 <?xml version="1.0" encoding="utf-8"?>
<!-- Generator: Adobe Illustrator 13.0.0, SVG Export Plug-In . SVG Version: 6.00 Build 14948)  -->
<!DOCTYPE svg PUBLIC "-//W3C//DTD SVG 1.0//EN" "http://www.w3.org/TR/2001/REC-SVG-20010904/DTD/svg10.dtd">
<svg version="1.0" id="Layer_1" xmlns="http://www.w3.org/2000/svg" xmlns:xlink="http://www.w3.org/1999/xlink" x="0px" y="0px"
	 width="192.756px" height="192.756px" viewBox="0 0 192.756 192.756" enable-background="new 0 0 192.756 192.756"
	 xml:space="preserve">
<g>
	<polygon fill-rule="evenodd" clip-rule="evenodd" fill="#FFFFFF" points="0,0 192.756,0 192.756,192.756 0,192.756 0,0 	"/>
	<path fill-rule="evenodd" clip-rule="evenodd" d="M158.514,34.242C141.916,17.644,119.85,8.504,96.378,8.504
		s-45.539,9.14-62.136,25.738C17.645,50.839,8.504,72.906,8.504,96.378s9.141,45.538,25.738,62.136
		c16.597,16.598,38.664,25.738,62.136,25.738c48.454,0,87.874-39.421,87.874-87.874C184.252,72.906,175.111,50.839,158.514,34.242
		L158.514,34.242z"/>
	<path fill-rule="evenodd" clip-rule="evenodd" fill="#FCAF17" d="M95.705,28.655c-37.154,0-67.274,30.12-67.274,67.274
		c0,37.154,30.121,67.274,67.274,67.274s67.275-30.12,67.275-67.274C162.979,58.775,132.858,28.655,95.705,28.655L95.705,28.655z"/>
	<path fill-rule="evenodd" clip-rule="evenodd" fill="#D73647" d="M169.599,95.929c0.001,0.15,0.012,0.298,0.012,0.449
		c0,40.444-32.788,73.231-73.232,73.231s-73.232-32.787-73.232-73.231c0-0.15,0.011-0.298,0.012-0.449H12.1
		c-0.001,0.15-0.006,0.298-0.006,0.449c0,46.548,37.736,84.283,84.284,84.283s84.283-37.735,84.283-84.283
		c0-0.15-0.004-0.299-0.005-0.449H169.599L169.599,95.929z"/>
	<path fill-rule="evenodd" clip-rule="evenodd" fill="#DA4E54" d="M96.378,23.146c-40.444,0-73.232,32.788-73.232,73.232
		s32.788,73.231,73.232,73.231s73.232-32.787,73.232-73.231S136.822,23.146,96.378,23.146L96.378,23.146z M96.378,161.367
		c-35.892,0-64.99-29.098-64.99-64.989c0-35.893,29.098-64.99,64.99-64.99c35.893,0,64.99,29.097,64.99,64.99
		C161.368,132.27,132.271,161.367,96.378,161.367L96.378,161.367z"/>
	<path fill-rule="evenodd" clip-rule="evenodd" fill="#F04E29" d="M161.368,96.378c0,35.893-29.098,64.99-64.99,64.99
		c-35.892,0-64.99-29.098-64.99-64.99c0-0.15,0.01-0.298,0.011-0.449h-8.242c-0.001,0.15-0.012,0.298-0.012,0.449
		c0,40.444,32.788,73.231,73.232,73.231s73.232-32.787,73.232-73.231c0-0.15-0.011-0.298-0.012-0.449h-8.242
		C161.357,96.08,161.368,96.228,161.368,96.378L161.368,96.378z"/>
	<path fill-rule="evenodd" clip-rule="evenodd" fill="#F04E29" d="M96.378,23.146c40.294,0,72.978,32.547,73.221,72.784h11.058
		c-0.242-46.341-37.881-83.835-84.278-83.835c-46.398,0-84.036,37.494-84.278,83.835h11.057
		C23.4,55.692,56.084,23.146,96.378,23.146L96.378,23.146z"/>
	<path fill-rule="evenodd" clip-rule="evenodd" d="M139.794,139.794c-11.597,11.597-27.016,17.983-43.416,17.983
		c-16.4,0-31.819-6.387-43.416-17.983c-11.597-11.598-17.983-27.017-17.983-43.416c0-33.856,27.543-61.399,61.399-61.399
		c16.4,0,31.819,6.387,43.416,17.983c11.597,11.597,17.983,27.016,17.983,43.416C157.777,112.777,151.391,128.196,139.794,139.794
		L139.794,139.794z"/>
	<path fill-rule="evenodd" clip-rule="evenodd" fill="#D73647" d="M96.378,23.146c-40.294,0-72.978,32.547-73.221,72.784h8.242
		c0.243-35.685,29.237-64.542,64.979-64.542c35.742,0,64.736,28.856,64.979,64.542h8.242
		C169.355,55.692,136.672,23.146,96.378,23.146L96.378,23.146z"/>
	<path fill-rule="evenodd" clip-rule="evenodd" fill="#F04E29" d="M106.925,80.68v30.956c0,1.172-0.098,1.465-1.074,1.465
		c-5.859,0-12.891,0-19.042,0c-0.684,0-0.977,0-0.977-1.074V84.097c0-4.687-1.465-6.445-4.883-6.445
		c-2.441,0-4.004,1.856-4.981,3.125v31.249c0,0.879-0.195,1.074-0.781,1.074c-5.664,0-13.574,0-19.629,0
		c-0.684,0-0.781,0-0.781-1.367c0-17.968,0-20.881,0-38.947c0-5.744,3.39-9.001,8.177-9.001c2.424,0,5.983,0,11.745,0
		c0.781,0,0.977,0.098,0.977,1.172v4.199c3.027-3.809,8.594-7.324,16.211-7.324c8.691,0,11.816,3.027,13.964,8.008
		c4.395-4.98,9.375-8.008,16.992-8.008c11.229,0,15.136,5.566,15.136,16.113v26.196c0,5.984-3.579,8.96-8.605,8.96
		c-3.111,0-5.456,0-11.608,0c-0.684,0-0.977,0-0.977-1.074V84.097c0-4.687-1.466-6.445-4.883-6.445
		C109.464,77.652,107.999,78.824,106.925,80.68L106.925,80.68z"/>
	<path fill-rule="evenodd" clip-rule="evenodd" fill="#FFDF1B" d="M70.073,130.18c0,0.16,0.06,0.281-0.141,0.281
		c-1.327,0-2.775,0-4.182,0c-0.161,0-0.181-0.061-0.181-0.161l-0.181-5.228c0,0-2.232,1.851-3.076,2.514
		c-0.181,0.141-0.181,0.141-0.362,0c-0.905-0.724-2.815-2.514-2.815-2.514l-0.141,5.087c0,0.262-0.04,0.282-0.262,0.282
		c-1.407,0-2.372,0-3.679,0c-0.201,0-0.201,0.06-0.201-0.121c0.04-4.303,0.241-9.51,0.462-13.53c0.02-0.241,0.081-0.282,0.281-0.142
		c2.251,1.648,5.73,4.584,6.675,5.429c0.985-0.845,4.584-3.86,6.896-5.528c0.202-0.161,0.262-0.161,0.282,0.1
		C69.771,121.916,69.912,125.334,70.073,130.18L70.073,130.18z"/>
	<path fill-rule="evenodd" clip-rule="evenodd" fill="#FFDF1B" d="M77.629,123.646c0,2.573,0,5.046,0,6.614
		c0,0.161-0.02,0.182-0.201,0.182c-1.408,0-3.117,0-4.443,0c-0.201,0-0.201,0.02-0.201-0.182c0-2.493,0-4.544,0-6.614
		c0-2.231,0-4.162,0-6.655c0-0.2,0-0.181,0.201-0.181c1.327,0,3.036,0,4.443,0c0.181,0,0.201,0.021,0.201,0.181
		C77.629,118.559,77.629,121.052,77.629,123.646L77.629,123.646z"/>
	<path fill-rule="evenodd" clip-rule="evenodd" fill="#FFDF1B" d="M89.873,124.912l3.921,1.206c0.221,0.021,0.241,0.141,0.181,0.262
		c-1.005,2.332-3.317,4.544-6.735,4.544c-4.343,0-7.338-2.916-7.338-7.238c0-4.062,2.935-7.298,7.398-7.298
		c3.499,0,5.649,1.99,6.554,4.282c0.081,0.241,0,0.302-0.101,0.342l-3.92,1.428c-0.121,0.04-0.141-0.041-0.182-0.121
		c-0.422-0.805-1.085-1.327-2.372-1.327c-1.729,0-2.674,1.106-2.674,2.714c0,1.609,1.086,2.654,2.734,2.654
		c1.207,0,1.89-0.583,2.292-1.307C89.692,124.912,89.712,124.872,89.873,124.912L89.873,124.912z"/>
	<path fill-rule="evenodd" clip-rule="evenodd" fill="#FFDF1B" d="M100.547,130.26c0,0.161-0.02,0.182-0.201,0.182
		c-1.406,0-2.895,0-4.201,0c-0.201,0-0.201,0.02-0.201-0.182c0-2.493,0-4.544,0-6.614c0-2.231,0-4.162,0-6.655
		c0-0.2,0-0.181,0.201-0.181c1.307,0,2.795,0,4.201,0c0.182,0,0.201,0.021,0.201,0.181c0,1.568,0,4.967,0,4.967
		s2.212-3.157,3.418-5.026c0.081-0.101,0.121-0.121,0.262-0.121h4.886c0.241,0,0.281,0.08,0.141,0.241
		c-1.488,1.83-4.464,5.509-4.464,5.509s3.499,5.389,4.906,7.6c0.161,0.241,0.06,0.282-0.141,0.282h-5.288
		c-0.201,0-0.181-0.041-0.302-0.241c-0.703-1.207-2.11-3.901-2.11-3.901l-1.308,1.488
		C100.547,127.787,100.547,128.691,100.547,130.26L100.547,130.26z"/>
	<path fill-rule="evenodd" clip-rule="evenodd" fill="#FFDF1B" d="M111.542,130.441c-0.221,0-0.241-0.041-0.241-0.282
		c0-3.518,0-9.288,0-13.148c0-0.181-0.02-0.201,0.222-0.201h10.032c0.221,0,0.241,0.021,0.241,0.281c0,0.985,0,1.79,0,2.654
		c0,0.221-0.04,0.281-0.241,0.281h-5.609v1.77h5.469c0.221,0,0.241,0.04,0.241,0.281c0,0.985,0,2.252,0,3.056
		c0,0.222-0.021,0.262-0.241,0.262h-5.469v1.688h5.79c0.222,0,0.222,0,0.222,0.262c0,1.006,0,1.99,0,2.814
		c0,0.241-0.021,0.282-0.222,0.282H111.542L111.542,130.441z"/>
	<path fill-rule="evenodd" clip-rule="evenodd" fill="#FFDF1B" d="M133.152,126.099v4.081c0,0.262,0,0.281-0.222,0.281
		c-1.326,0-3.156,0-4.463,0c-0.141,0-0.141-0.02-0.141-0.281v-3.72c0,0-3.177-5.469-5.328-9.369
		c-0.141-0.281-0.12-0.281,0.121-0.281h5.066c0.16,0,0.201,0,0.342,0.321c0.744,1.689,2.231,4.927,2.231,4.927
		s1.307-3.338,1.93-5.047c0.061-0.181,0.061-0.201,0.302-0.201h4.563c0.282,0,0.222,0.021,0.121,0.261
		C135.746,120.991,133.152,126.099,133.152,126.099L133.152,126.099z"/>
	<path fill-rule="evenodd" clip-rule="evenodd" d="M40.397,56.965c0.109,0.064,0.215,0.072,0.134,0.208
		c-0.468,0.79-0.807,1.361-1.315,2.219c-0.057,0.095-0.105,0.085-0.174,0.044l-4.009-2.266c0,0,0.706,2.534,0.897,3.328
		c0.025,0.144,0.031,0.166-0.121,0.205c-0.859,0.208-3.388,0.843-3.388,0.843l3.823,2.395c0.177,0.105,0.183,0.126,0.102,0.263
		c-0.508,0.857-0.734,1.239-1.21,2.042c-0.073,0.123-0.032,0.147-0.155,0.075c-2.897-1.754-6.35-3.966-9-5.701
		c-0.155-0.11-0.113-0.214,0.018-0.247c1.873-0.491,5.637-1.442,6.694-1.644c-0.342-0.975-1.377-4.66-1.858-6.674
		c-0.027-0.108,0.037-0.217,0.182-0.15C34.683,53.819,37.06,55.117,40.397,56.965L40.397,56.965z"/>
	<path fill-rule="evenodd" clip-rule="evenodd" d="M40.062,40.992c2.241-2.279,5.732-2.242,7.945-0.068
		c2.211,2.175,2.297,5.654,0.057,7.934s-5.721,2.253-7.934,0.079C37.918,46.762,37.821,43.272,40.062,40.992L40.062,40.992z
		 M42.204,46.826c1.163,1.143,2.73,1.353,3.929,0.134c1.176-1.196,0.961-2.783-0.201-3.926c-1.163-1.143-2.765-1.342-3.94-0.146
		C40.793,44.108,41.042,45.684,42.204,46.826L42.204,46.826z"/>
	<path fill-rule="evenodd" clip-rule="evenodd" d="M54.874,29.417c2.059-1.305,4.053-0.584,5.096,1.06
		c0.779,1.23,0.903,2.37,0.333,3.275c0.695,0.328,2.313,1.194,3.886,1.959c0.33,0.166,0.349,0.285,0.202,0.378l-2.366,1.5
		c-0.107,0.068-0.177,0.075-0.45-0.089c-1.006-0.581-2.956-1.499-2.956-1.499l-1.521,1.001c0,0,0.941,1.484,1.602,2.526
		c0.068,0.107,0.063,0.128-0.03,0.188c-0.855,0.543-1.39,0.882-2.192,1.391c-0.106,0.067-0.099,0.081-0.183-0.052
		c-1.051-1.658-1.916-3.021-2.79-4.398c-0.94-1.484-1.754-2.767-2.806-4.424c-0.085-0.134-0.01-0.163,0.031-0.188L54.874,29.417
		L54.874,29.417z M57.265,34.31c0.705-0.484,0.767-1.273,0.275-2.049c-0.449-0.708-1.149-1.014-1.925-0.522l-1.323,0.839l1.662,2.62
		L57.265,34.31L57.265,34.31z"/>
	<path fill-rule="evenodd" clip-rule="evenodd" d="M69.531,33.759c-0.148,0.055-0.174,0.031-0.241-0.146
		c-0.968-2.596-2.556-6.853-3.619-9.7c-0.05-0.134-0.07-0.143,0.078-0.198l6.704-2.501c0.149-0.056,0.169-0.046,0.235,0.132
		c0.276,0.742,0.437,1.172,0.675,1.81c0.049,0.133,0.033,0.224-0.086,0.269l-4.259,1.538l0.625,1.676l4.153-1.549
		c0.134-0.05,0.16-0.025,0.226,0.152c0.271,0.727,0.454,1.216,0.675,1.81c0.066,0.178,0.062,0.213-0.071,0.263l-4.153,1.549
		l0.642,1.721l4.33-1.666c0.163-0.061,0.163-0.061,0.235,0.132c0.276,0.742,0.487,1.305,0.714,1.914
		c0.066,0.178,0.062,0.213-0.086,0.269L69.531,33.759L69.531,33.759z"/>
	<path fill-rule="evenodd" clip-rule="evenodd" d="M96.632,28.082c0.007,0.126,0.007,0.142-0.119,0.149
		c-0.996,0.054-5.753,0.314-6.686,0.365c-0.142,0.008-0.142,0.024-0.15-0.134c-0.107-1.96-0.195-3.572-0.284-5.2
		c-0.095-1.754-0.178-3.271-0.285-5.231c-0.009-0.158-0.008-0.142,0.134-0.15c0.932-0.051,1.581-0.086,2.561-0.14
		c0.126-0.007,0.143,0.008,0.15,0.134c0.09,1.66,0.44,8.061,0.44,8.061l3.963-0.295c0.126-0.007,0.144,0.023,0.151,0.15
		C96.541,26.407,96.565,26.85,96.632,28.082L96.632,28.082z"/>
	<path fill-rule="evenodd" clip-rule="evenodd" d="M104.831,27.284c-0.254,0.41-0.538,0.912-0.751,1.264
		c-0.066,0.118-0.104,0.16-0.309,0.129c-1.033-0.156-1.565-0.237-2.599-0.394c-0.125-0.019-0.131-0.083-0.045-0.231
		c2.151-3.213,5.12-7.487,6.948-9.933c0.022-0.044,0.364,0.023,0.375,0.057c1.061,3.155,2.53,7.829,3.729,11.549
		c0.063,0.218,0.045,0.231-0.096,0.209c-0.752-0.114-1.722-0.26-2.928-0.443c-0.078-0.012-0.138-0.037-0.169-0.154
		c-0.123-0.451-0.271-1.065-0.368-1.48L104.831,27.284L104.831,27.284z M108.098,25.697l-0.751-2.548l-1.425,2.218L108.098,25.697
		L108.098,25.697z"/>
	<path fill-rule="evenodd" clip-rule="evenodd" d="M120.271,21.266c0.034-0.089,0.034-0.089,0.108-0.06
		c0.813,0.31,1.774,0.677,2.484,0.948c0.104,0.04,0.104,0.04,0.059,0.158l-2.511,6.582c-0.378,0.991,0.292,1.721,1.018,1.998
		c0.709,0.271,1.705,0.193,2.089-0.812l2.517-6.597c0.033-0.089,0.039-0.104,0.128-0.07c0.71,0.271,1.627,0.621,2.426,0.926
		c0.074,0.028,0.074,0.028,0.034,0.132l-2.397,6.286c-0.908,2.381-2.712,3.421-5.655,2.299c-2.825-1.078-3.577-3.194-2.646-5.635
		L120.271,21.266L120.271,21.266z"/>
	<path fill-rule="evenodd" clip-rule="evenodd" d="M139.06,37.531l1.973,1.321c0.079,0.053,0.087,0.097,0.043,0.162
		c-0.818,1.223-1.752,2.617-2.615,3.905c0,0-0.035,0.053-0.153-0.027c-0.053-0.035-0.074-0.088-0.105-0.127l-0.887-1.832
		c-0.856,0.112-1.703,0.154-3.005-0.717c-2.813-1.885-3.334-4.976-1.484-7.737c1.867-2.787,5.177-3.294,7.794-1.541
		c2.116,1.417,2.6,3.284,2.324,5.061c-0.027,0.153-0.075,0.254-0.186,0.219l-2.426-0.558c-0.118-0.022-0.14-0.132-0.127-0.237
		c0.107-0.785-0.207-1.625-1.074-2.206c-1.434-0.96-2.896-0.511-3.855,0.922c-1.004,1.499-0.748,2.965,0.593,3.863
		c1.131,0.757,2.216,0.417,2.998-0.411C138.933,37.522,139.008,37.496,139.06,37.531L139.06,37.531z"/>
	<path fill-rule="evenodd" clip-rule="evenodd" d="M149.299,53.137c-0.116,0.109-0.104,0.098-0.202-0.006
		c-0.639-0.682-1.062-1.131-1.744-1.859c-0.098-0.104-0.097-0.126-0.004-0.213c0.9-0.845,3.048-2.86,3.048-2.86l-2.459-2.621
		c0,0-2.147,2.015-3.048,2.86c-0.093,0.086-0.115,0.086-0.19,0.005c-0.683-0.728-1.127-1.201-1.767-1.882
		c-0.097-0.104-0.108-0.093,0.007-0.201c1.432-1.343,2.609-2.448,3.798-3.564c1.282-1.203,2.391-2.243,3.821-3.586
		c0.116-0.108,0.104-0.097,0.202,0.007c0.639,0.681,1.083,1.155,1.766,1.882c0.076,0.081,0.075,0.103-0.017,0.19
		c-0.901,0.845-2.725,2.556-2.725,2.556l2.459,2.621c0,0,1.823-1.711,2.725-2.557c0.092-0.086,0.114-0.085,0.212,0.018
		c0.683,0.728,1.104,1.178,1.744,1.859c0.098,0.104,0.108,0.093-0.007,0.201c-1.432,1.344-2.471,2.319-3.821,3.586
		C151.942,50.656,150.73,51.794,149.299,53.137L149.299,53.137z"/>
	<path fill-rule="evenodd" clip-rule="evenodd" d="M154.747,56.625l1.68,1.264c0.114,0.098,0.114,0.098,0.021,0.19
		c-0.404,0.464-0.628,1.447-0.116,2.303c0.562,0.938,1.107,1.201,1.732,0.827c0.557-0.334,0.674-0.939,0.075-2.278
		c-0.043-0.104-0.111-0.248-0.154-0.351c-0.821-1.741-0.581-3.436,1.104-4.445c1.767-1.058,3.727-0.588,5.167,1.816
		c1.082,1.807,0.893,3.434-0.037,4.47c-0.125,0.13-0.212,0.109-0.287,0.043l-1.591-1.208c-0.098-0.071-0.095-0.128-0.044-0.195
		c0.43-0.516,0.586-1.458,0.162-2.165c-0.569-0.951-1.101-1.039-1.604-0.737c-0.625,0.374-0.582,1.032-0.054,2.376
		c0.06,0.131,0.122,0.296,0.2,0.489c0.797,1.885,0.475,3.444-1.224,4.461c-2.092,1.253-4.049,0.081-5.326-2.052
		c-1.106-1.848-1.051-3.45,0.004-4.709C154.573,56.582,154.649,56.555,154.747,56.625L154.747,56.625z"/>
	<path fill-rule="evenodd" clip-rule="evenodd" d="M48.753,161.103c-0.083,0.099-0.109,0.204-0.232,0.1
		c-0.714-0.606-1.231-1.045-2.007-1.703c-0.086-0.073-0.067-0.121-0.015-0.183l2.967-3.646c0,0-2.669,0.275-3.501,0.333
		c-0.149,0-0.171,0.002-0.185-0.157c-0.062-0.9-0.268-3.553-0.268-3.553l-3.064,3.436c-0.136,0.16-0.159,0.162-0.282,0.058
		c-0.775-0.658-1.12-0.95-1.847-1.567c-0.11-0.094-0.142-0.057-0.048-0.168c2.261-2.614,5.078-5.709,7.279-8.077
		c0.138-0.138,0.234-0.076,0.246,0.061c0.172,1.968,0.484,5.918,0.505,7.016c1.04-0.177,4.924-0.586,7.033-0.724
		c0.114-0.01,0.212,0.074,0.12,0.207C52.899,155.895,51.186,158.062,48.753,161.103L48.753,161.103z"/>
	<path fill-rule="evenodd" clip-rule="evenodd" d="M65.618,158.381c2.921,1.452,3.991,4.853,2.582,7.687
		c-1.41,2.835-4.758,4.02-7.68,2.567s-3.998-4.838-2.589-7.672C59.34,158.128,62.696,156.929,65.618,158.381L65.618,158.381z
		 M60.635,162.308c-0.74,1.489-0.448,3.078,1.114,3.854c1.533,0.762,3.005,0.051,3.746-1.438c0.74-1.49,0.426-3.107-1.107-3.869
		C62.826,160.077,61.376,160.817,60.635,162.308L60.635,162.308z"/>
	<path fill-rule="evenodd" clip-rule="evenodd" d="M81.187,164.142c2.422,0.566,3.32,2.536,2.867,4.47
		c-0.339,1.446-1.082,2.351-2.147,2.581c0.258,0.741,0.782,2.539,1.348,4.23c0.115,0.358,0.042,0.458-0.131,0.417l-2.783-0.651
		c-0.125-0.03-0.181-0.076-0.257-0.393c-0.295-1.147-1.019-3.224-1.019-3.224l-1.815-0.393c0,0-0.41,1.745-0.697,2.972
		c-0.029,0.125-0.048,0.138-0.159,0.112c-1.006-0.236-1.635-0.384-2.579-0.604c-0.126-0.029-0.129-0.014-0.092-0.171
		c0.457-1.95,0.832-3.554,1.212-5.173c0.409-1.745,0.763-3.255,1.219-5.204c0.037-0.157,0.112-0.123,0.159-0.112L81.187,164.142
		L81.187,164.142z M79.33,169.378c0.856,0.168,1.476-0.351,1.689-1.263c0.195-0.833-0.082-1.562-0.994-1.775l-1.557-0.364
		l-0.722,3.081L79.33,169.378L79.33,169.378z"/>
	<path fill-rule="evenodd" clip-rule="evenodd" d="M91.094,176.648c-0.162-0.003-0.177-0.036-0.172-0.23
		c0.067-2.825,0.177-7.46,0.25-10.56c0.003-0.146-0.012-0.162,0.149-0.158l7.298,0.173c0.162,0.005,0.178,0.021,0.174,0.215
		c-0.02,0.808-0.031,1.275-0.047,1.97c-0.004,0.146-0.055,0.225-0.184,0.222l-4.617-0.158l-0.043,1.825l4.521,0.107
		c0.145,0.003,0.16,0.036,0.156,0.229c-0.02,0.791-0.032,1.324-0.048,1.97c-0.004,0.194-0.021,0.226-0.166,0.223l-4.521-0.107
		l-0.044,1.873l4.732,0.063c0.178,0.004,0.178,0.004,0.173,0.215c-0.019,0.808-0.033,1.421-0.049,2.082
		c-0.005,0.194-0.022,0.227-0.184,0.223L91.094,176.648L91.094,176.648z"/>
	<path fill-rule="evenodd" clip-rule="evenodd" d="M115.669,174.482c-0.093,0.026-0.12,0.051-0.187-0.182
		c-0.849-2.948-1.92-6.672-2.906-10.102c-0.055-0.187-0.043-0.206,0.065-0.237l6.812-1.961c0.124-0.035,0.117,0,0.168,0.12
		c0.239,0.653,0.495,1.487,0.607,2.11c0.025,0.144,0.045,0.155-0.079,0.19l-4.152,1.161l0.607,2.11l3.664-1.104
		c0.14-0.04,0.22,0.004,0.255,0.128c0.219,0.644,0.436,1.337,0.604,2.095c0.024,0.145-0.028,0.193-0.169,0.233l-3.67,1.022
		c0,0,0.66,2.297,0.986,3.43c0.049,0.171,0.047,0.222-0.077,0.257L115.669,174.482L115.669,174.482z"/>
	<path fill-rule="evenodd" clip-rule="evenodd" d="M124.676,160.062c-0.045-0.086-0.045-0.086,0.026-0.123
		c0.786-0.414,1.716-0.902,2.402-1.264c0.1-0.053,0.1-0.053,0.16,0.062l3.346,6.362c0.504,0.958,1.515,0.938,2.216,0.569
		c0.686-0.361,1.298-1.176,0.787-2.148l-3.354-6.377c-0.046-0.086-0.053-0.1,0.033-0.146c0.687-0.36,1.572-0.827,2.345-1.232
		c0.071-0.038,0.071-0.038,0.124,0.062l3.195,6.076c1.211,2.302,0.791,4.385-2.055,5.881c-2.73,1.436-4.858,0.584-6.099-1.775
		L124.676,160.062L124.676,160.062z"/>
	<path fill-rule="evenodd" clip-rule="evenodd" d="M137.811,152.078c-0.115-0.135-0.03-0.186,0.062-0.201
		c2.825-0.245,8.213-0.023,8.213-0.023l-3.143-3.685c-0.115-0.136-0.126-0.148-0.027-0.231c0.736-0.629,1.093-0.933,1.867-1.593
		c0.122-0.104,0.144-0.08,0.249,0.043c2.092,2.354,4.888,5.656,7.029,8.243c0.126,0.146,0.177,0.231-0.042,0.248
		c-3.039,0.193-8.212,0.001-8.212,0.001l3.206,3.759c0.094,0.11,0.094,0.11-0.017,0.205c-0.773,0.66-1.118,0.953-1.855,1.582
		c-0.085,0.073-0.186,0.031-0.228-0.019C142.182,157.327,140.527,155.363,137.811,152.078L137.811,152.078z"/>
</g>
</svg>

◆ **PROBLEM DESCRIPTION**
In the material above, find every line with the word "http" and show it.

◆ **TASK RESULT**
<!DOCTYPE svg PUBLIC "-//W3C//DTD SVG 1.0//EN" "http://www.w3.org/TR/2001/REC-SVG-20010904/DTD/svg10.dtd">
<svg version="1.0" id="Layer_1" xmlns="http://www.w3.org/2000/svg" xmlns:xlink="http://www.w3.org/1999/xlink" x="0px" y="0px"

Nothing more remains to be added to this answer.